▸ **MATERIAL SHOWN**:
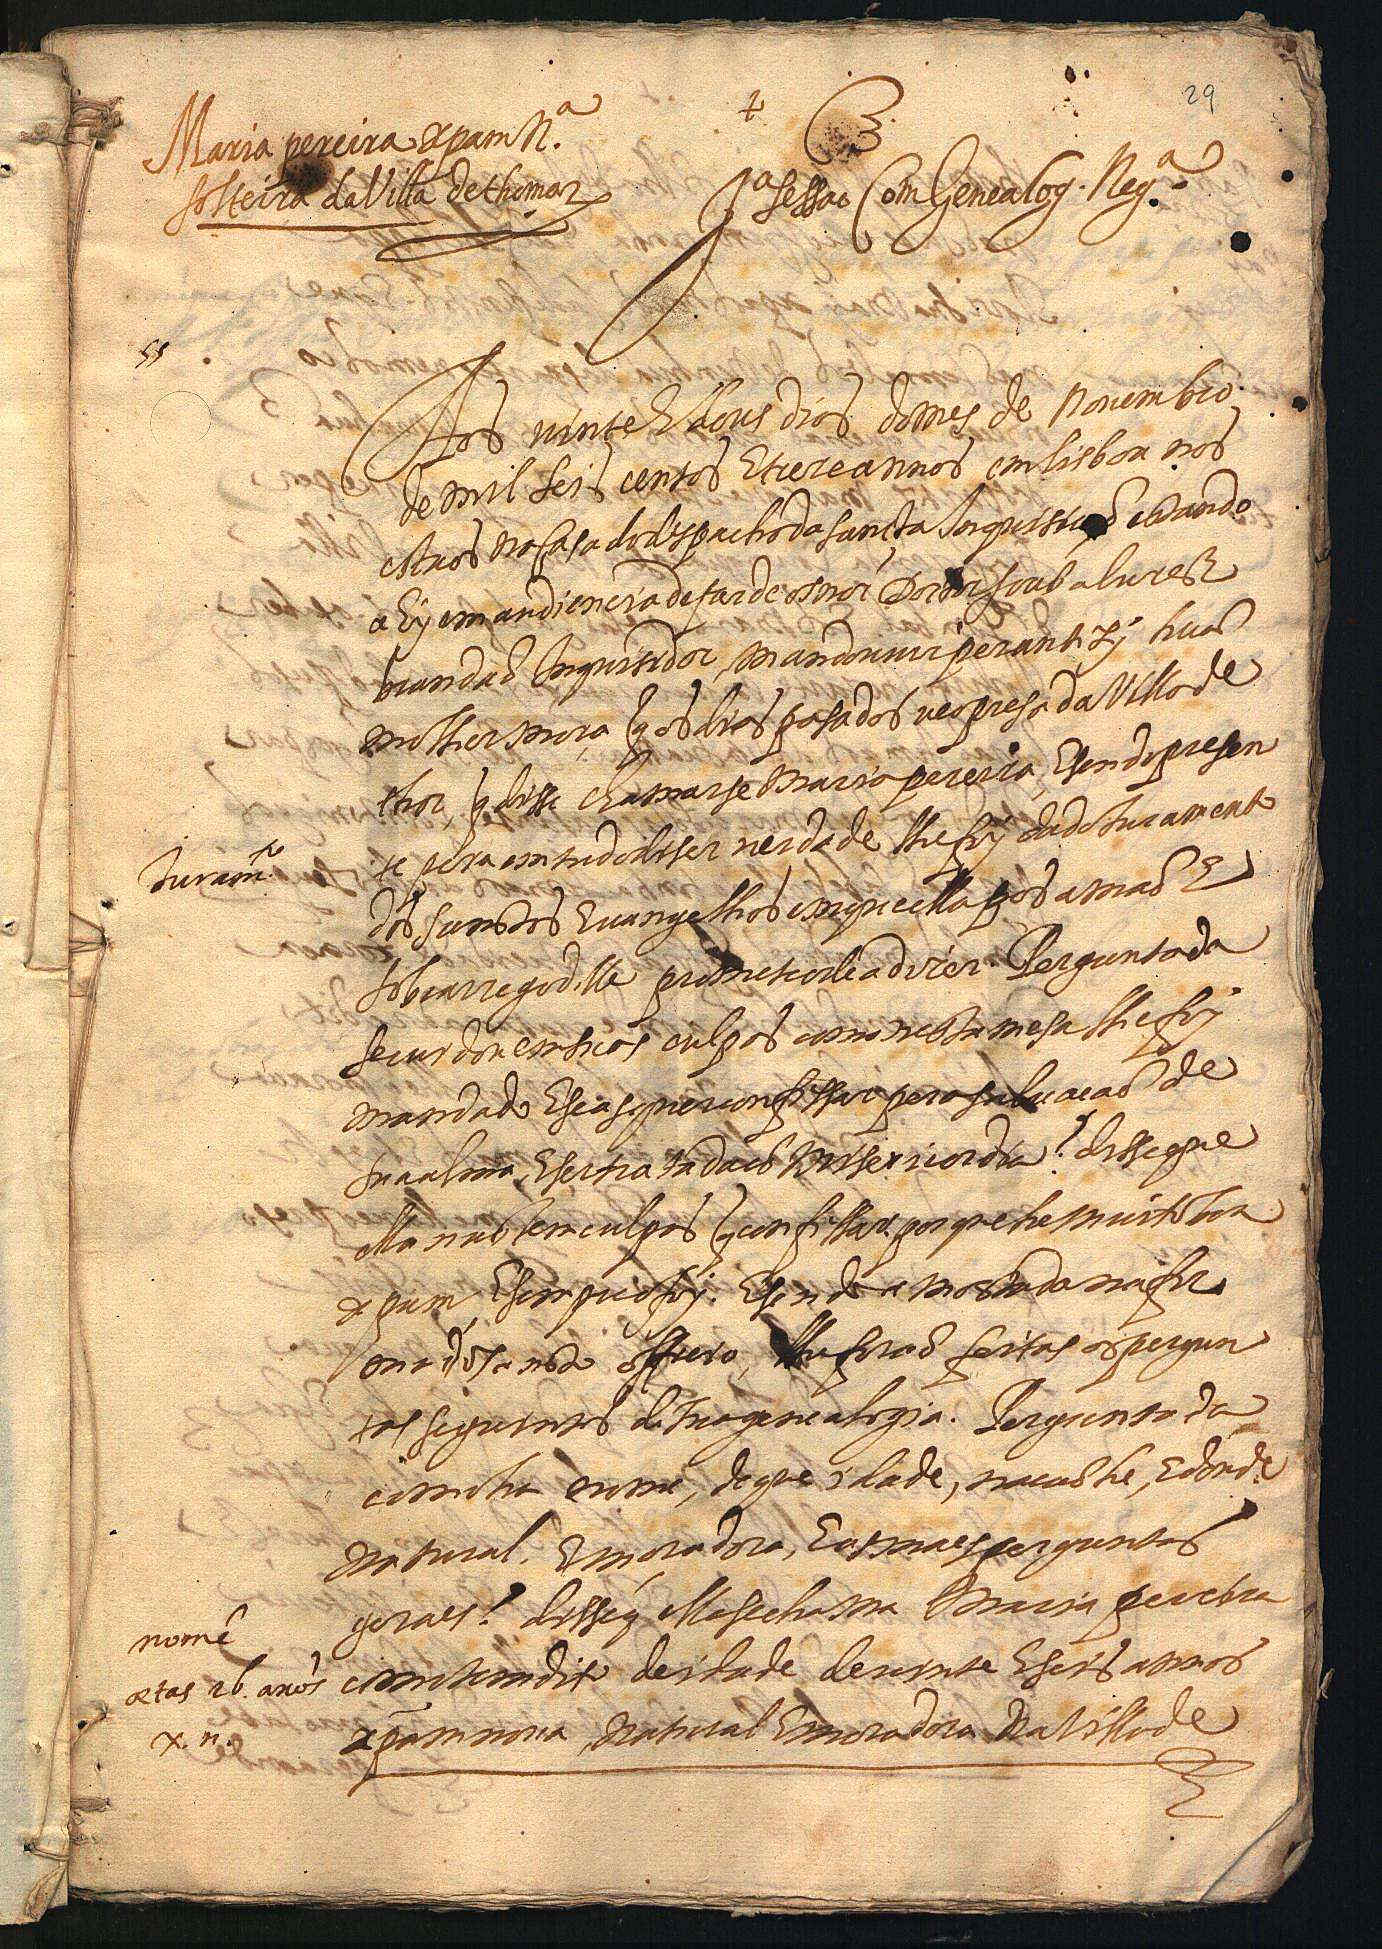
Maria pereira xpam N.a
solteira da Villa de thomar
Ja sessaõ Com Genealog. Neg.a
Aos uinte E dous dias do mes de Nouembro.
de mil seiscentos E treze annos em lisboa nos
estaos na Casa do despacho da Sancta Inquisiç_õ estando
ahy em audiencia de tarde o snor̄ Doutor Joaõ alures
brandaõ Inquisidor, mandou uir perante sy huā
molher moça q̄ os dias pasados ueo presa da Villa de
thor, q̄ disse chamarse Maria pereira, E sendo presen
te pera em tudo diser uerdade lhe foy dado Iuramentto
dos Santos Euangelhos em que ella pos a maõ E
sob carrego delle prometeo de a dizer. Perguntada
se cuidou em suas culpas como nesta mesa lhe foy
mandado e se as quer confessar pera saluaçaõ de
sua alma, E ser tratada cõ misericordia? disse que
ella naõ tem culpas q̄ confissar porque he muito boa
xpam, E sempre o foy. E sendo amoestada na for
ma do santo officio, lhe foraõ feitas as pergun
tas seguintes de sua genealogia. Perguntada
como ha nome, de que idade, nacaõ he, E donde
natural. E moradora, E as maes perguntas
geraes? disse q̄ ella se chama Maria pereira
como tem dito de idade de uinte E seis annos
xpām noua, natural e moradora na Villa de

▸ **ACTION ITEM**: In your copy of the material, match every word exactly and include no pictures.

▸ **ANSWER BOX**:
Maria pereira xpam N.a
solteira da Villa de thomar
Ja sessaõ Com Genealog. Neg.a
Aos uinte E dous dias do mes de Nouembro.
de mil seiscentos E treze annos em lisboa nos
estaos na Casa do despacho da Sancta Inquisiç_õ estando
ahy em audiencia de tarde o snor̄ Doutor Joaõ alures
brandaõ Inquisidor, mandou uir perante sy huā
molher moça q̄ os dias pasados ueo presa da Villa de
thor, q̄ disse chamarse Maria pereira, E sendo presen
te pera em tudo diser uerdade lhe foy dado Iuramentto
dos Santos Euangelhos em que ella pos a maõ E
sob carrego delle prometeo de a dizer. Perguntada
se cuidou em suas culpas como nesta mesa lhe foy
mandado e se as quer confessar pera saluaçaõ de
sua alma, E ser tratada cõ misericordia? disse que
ella naõ tem culpas q̄ confissar porque he muito boa
xpam, E sempre o foy. E sendo amoestada na for
ma do santo officio, lhe foraõ feitas as pergun
tas seguintes de sua genealogia. Perguntada
como ha nome, de que idade, nacaõ he, E donde
natural. E moradora, E as maes perguntas
geraes? disse q̄ ella se chama Maria pereira
como tem dito de idade de uinte E seis annos
xpām noua, natural e moradora na Villa de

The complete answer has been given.